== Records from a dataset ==
--- --- ---

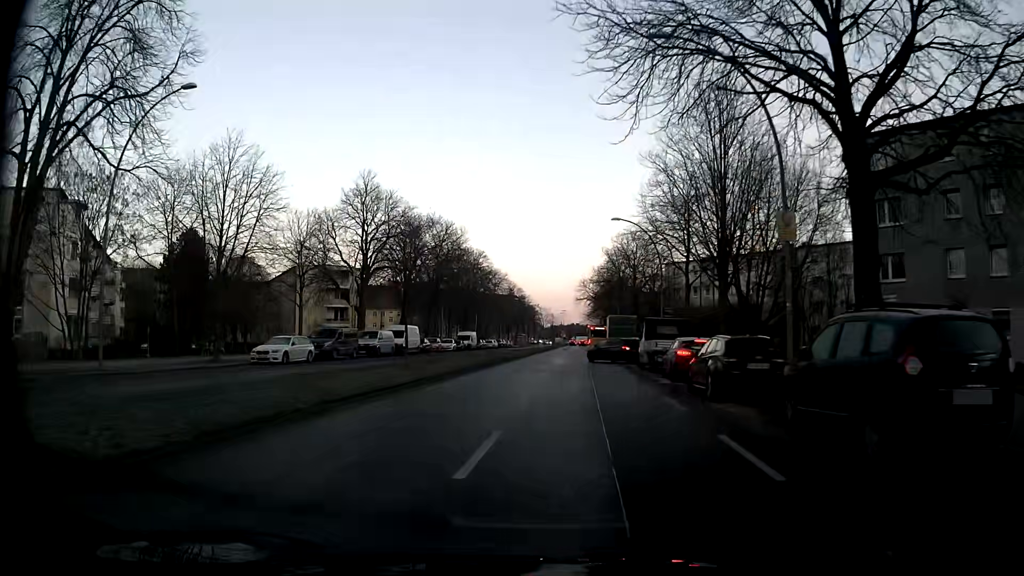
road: secondary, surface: asphalt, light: Day
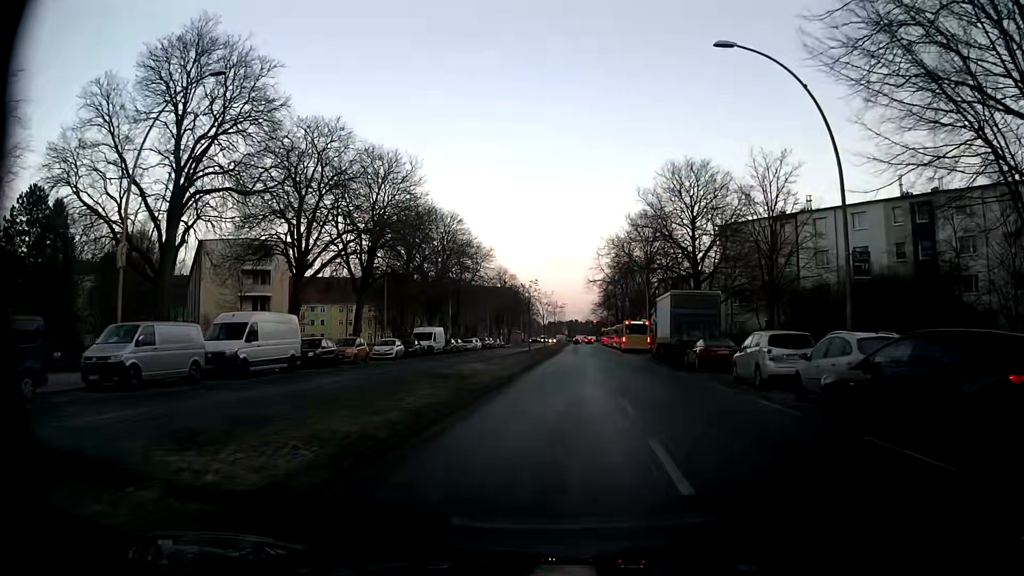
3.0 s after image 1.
(-1.0, +30.6) m; -1°
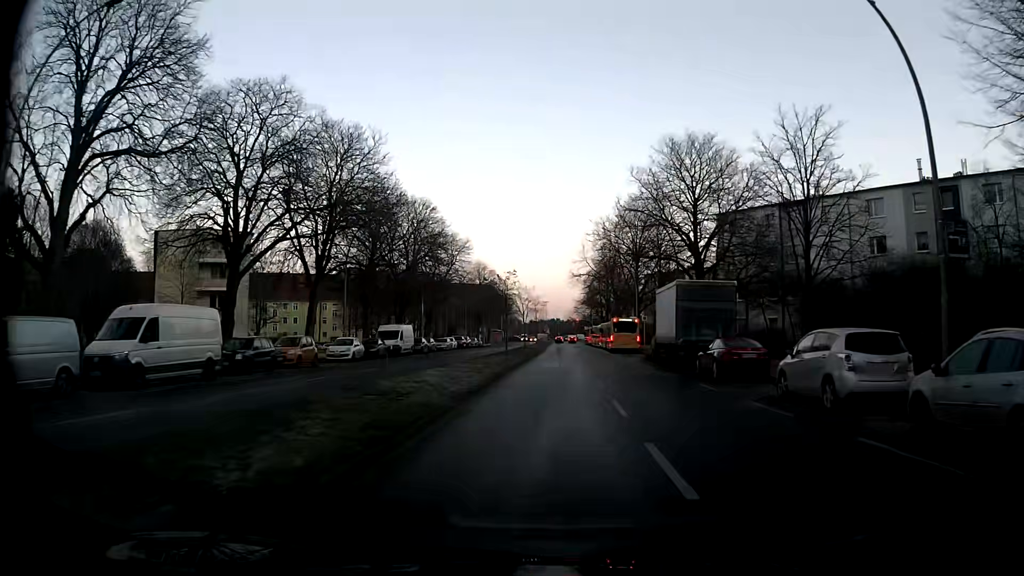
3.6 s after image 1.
(+0.1, +6.1) m; +2°
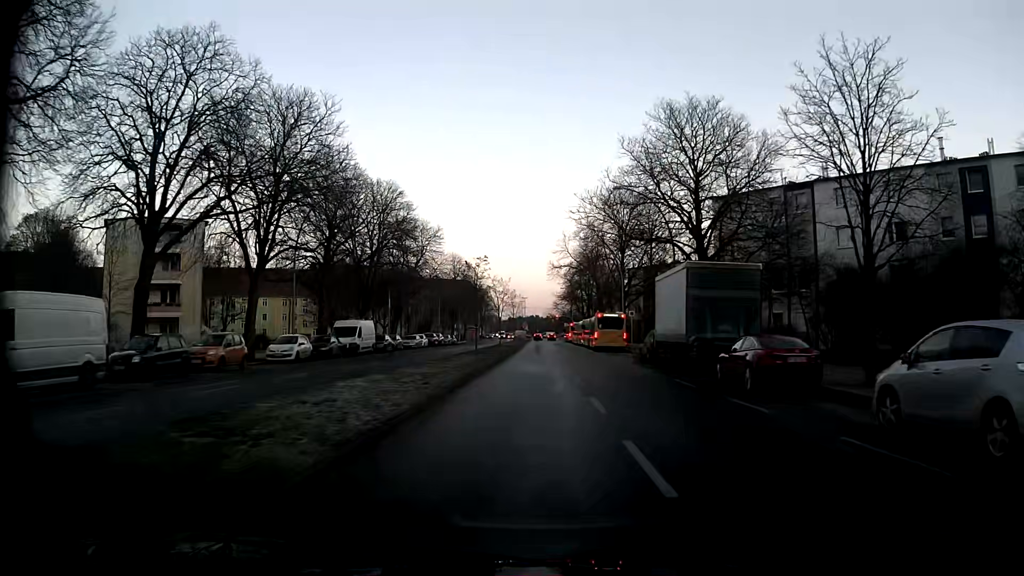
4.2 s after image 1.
(0.0, +6.1) m; +2°
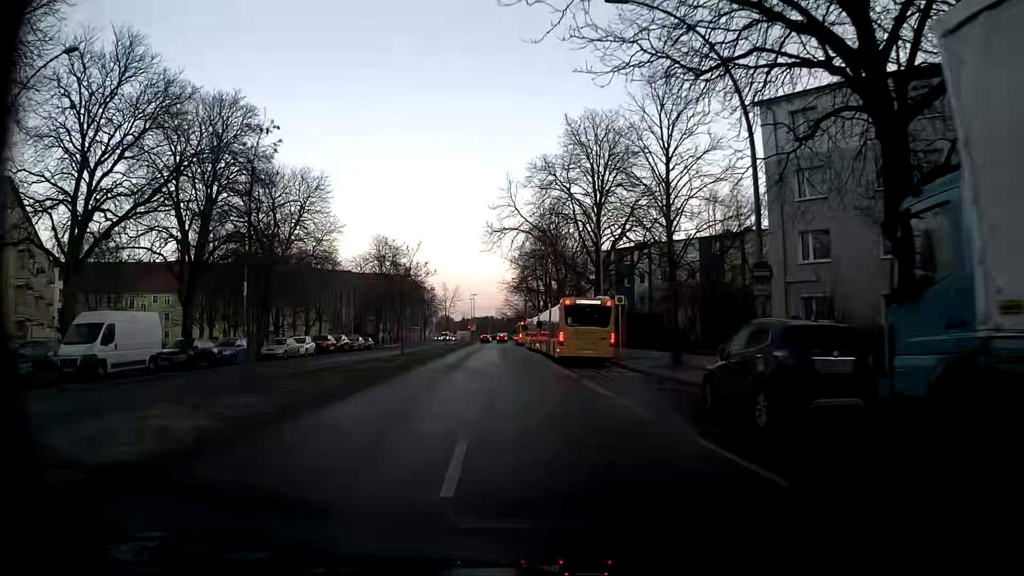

--- --- ---

== Task to complete ==
Give back the records exactly, minus any pictures.

== Response area ==
road: secondary, surface: asphalt, light: Day
3.0 s after image 1.
(-1.0, +30.6) m; -1°
3.6 s after image 1.
(+0.1, +6.1) m; +2°
4.2 s after image 1.
(0.0, +6.1) m; +2°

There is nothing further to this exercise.